* [Exercise requirements] For each record that follows, give it back exactly, with no pictures included.

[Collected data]
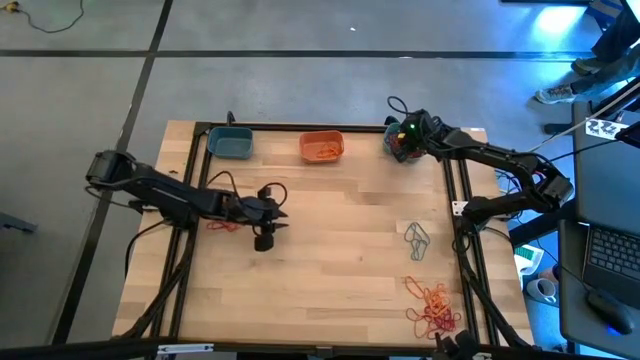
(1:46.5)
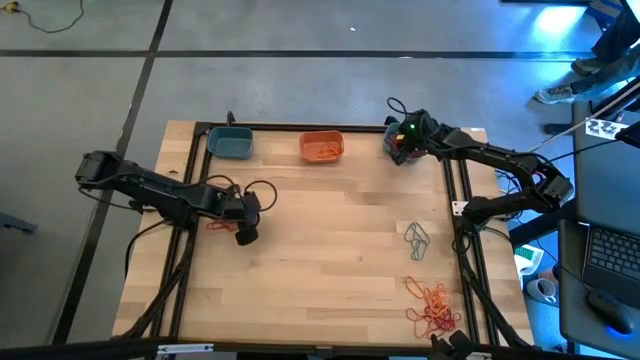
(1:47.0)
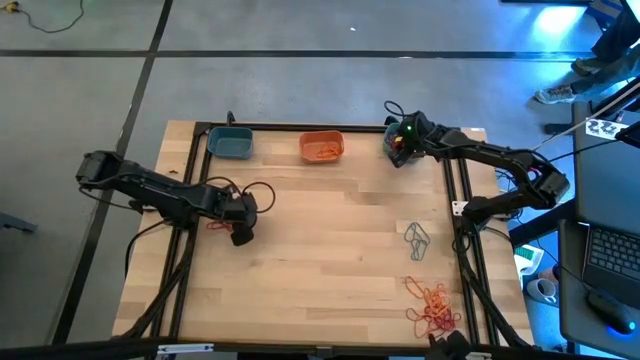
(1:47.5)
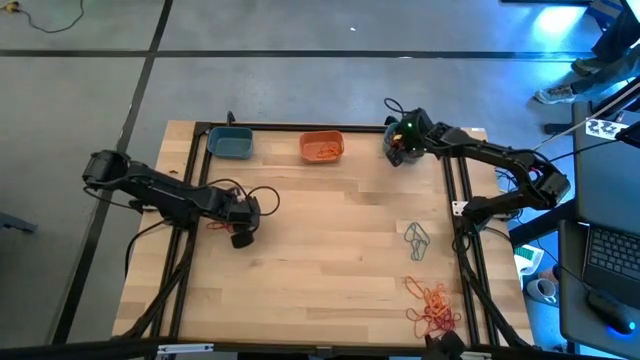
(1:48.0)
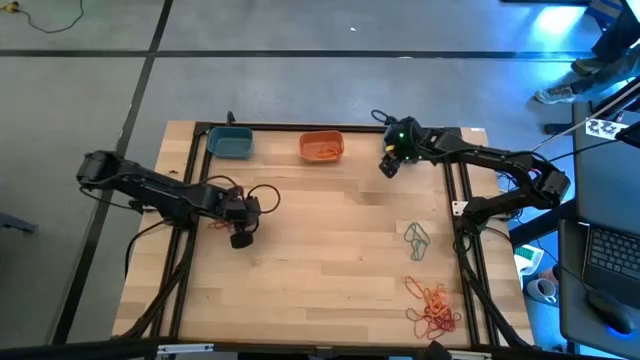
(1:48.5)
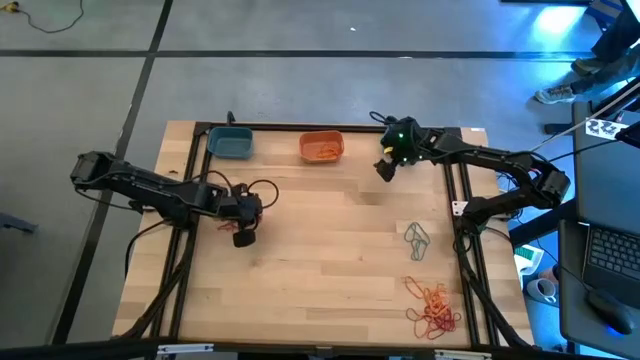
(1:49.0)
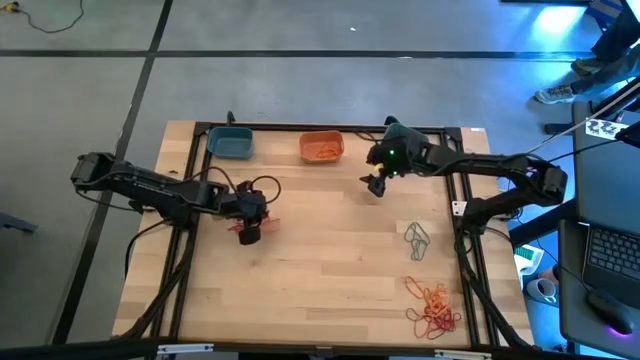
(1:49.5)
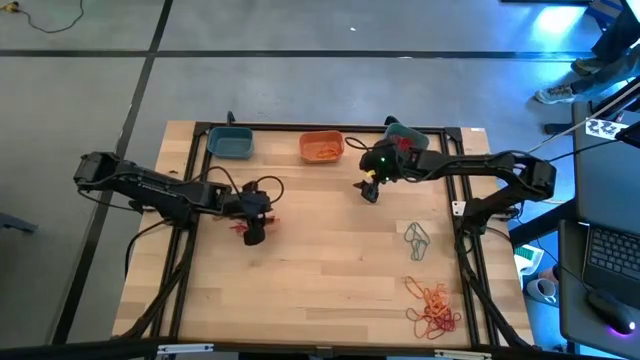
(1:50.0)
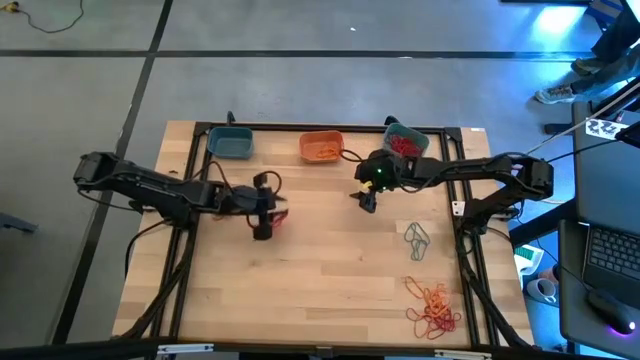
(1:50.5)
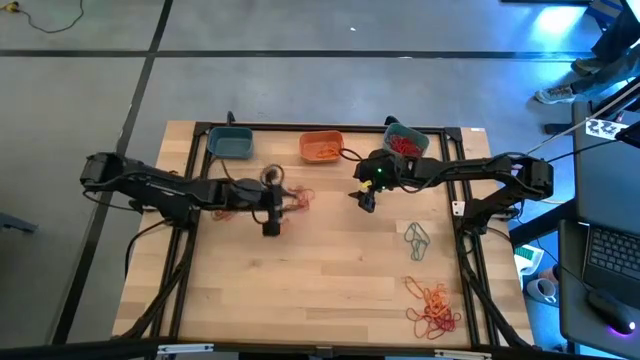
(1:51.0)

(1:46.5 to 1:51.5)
Put the red rubber band into the green bin

* [Answer to the problem]
(1:46.5)
(1:47.0)
(1:47.5)
(1:48.0)
(1:48.5)
(1:49.0)
(1:49.5)
(1:50.0)
(1:50.5)
(1:51.0)

(1:46.5 to 1:51.5)
Put the red rubber band into the green bin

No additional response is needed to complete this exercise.